(Records drawn from a dataset)
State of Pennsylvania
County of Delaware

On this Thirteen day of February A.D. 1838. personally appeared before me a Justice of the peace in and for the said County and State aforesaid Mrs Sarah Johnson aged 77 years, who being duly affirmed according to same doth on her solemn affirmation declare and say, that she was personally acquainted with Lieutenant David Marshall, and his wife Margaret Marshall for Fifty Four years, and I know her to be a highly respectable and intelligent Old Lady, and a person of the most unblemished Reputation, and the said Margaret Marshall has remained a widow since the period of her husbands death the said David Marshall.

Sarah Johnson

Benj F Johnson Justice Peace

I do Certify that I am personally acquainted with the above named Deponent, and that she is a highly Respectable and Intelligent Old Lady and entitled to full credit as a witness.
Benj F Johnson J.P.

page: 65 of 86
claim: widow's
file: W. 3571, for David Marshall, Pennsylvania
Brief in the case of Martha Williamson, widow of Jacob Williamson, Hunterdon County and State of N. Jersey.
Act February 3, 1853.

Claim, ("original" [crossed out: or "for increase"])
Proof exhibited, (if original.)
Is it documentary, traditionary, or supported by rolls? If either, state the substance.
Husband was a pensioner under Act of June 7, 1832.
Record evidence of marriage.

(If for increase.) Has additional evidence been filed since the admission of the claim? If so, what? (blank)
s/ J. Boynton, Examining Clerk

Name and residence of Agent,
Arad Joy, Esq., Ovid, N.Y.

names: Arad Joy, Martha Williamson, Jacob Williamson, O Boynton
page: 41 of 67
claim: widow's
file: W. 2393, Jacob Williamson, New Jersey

#### [DESCRIPTION OF THE TASK]
The answer must consist of every line from the entries above that contains "Sarah".

#### [TASK SOLUTION]
On this Thirteen day of February A.D. 1838. personally appeared before me a Justice of the peace in and for the said County and State aforesaid Mrs Sarah Johnson aged 77 years, who being duly affirmed according to same doth on her solemn affirmation declare and say, that she was personally acquainted with Lieutenant David Marshall, and his wife Margaret Marshall for Fifty Four years, and I know her to be a highly respectable and intelligent Old Lady, and a person of the most unblemished Reputation, and the said Margaret Marshall has remained a widow since the period of her husbands death the said David Marshall.
Sarah Johnson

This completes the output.